Hoist one tonight for Pete Seeger and the multitude of others who braved the currents of popular thought, for there is nothing more American than to question the status quo.

Define Truth

One question raised about River of January is,”Are my characters brushes with the famous true?”  The short answer is yes.  Helen dined with Maurice Chevalier, and they performed on the same stage.  Chum crossed paths with Amelia Earhart regularly at Roosevelt Field.   The celebrity passages are factual.  I have their pictures with the famous, references from documents, and proof in aviation logbooks.

Creative non-fiction appears to be a new genre in search of defining itself.  Where exactly is the line between creative and non-fiction?  Though I need to tell this story, I certainly wasn’t alive at the time.  Frankly who knows what the characters precisely uttered to one another at any given time.  I tried to rely on personal and business letters, quoting at length when I could, to add tone, cadence and a feel for the era.  I am adding a lot of pictures for readers to visually connect to the characters, and the sights they photographed on their travels.  Additional color had to come from my imagination, with clues found  in the archive of family memorabilia.

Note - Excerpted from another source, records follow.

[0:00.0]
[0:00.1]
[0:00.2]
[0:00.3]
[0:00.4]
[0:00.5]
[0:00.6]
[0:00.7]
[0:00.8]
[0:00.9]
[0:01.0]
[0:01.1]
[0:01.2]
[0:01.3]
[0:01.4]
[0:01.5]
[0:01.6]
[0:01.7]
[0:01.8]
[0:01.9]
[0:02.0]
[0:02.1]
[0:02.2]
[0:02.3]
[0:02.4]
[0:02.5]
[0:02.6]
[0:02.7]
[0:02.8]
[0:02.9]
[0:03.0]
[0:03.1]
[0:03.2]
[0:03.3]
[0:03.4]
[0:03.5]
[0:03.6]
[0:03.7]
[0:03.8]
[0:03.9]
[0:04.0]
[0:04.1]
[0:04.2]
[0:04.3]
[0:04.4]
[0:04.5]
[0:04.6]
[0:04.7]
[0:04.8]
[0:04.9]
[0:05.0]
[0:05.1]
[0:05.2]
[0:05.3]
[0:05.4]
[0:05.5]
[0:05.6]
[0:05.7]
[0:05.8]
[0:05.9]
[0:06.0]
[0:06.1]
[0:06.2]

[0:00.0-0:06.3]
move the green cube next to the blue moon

My personal preference in reading is non-fiction history.  I have lived on a strong steady diet of biographies and general histories.  Still I wonder how any scholar concludes their work without feeling uneasily incomplete.  The subtleties of human interaction, the nuances of personal connection are more than left out.  We simply can’t know all facets of historic lives.  Our only alternative is to flesh out the tale with what we understand about the human condition.  And of course every writer struggles with their own blinders, biases, and preconceived notions.

For example the age old question of General Washington’s taciturn exterior has intrigued historians for two centuries.  Was he grave and somber because his teeth hurt?  Possibly.  Did he wish to hide his false teeth due to the fact they were unsightly,  fashioned out of a number of materials–ivory to human–to wood.  Are both theories wrong?  Did Washington remain stoic in appearance to evoke nobility and dignity?  Maybe.  In fact, all of the above could pass scrutiny.  Different historians have differing opinions.

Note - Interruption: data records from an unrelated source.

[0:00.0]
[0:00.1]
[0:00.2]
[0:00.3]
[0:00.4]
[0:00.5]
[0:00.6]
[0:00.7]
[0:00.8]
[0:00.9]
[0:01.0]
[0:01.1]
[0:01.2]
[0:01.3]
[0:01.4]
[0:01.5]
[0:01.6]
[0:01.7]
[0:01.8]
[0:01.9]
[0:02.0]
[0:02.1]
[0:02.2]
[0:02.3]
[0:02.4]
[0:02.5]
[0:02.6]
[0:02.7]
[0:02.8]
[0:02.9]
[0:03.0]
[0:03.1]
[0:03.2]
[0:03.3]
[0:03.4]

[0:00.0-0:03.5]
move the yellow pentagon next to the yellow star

I am not too troubled about shaping feelings in ways I think makes sense.  I’ve fallen in love, held my own in arguments, and felt more regrets than I care to claim.  That is the truth I rely upon to craft the creative element in this historical narrative.

I think all biography and history  possess an element of the unknown.  Whether the history is filtered through professional scholars such as Robert Remini, Doris Kearns Goodwin, or Miss Nobody Gail in her Idaho cabin, we are analyzing viable evidence to apply shape and logic to past lives.

Did Helen meet Sophie Tucker.  Yes.  She told us in a letter.  What did she say to her?  How did she act around her?  I ask myself what would I have said as an American to another famous American performing in London?  That’s the creative portion of this non-fiction format.

All things considered, creative non-fiction is an exciting new canvas for writing.  I feel like a kid in a candy store each time I turn over another photo or letter.